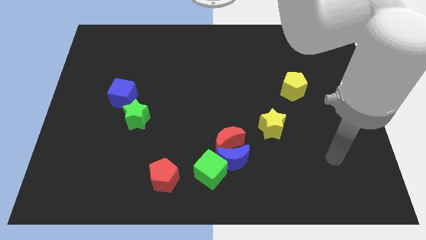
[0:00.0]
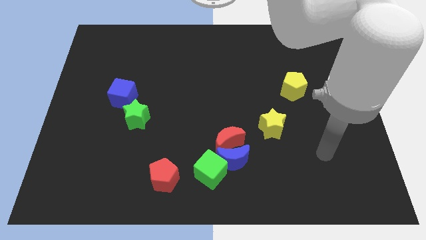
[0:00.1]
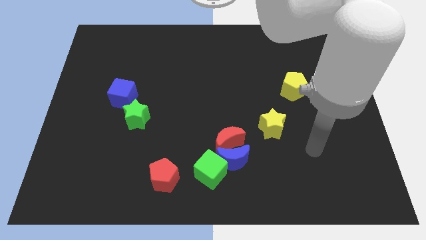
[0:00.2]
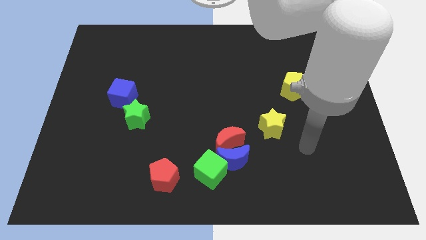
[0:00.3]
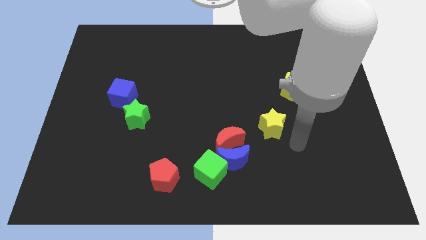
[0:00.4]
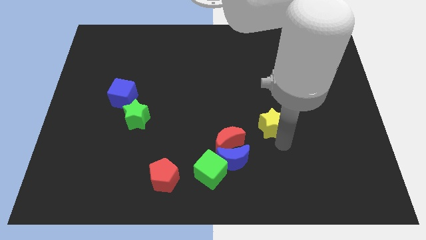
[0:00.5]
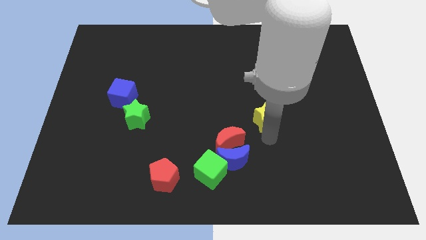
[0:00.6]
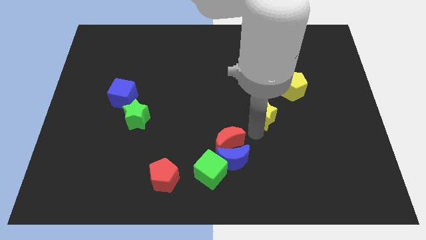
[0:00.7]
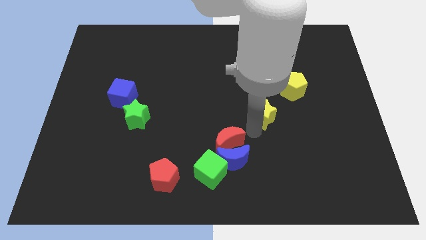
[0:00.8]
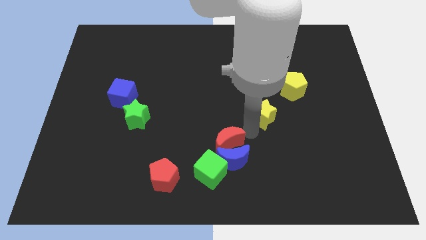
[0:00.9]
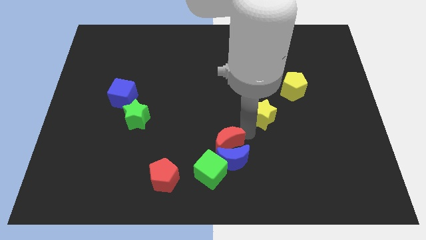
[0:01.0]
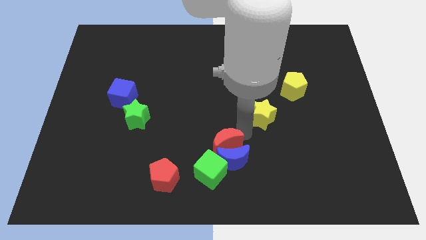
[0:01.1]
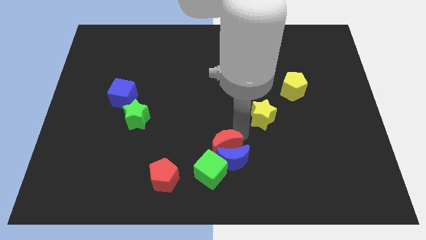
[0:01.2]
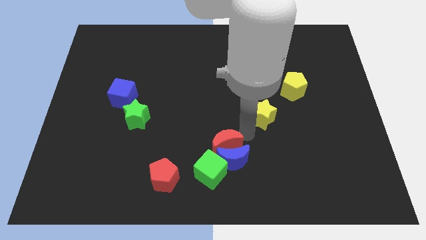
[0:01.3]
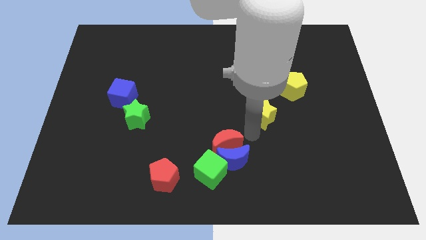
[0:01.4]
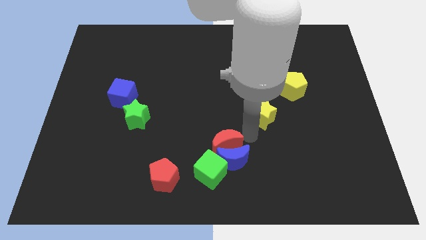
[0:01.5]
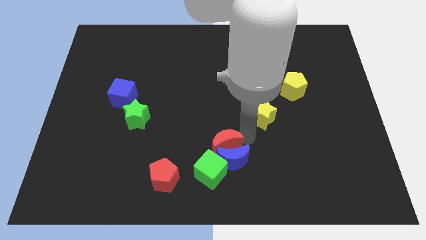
--------
▶ _What this task involves_: Except for the pictures, copy every line of the records above exactly.

▶ _Output for this task_:
[0:00.0]
[0:00.1]
[0:00.2]
[0:00.3]
[0:00.4]
[0:00.5]
[0:00.6]
[0:00.7]
[0:00.8]
[0:00.9]
[0:01.0]
[0:01.1]
[0:01.2]
[0:01.3]
[0:01.4]
[0:01.5]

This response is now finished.